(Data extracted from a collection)
*** Block opens ***

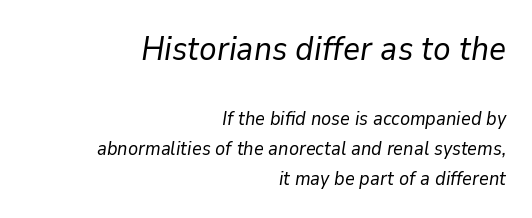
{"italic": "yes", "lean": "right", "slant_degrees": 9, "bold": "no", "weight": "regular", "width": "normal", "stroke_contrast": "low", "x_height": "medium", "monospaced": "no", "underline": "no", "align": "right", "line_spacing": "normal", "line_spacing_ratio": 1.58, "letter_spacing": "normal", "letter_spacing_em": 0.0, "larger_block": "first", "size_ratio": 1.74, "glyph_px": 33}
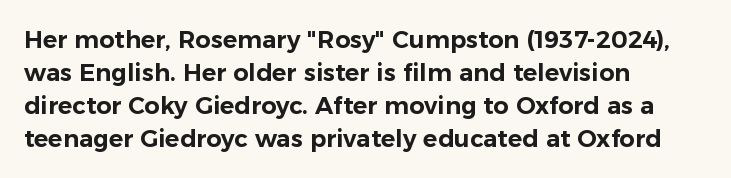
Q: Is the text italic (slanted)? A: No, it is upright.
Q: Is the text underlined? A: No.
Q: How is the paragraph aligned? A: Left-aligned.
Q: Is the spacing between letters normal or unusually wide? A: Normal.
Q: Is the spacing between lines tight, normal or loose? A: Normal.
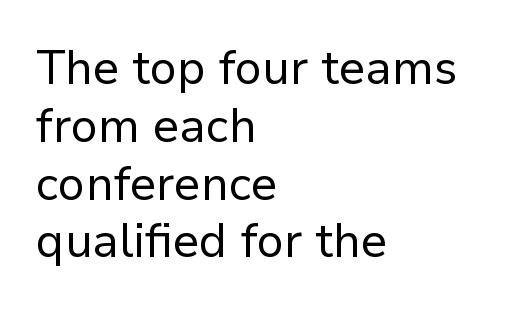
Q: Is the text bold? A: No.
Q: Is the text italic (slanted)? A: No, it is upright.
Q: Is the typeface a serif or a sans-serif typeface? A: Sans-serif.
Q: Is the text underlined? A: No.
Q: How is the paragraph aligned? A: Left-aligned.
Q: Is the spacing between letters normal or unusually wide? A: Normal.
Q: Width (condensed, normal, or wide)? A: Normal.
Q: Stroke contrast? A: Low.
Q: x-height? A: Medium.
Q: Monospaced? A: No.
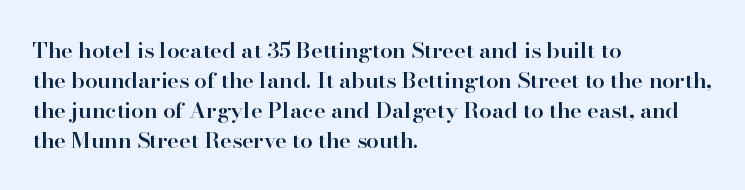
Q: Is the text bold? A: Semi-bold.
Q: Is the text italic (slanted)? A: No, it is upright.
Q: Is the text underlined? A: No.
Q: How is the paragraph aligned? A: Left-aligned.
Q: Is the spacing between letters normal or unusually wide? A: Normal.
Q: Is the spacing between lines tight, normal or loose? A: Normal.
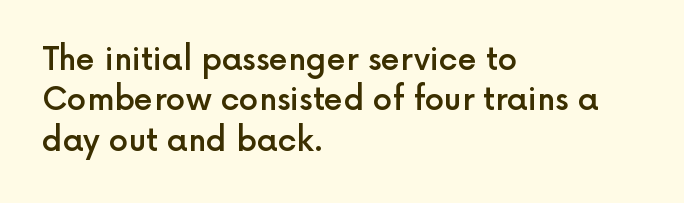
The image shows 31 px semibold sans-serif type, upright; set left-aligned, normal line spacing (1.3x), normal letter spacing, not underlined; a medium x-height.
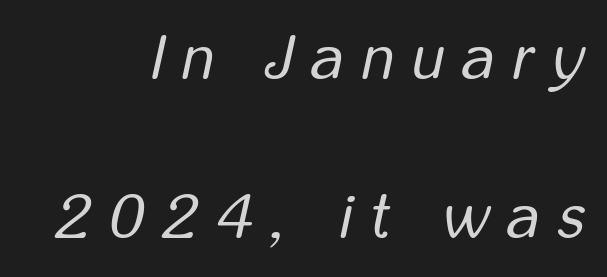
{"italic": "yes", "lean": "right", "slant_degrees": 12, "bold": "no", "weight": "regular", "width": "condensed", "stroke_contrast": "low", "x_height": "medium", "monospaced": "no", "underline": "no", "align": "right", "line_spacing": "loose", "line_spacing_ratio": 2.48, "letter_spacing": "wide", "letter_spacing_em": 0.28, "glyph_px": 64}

*** Block closes ***

→ **WHAT TO WORK ON**:
Would you transcribe each of the entries exactly, skipping the pictures?

→ **RESPONSE TO THIS TASK**:
{"italic": "yes", "lean": "right", "slant_degrees": 9, "bold": "no", "weight": "regular", "width": "normal", "stroke_contrast": "low", "x_height": "medium", "monospaced": "no", "underline": "no", "align": "right", "line_spacing": "normal", "line_spacing_ratio": 1.58, "letter_spacing": "normal", "letter_spacing_em": 0.0, "larger_block": "first", "size_ratio": 1.74, "glyph_px": 33}
Q: Is the text italic (slanted)? A: No, it is upright.
Q: Is the text underlined? A: No.
Q: How is the paragraph aligned? A: Left-aligned.
Q: Is the spacing between letters normal or unusually wide? A: Normal.
Q: Is the spacing between lines tight, normal or loose? A: Normal.
Q: Is the text bold? A: No.
Q: Is the text italic (slanted)? A: No, it is upright.
Q: Is the typeface a serif or a sans-serif typeface? A: Sans-serif.
Q: Is the text underlined? A: No.
Q: How is the paragraph aligned? A: Left-aligned.
Q: Is the spacing between letters normal or unusually wide? A: Normal.
Q: Width (condensed, normal, or wide)? A: Normal.
Q: Stroke contrast? A: Low.
Q: x-height? A: Medium.
Q: Monospaced? A: No.
Q: Is the text bold? A: Semi-bold.
Q: Is the text italic (slanted)? A: No, it is upright.
Q: Is the text underlined? A: No.
Q: How is the paragraph aligned? A: Left-aligned.
Q: Is the spacing between letters normal or unusually wide? A: Normal.
Q: Is the spacing between lines tight, normal or loose? A: Normal.
The image shows 31 px semibold sans-serif type, upright; set left-aligned, normal line spacing (1.3x), normal letter spacing, not underlined; a medium x-height.
{"italic": "yes", "lean": "right", "slant_degrees": 12, "bold": "no", "weight": "regular", "width": "condensed", "stroke_contrast": "low", "x_height": "medium", "monospaced": "no", "underline": "no", "align": "right", "line_spacing": "loose", "line_spacing_ratio": 2.48, "letter_spacing": "wide", "letter_spacing_em": 0.28, "glyph_px": 64}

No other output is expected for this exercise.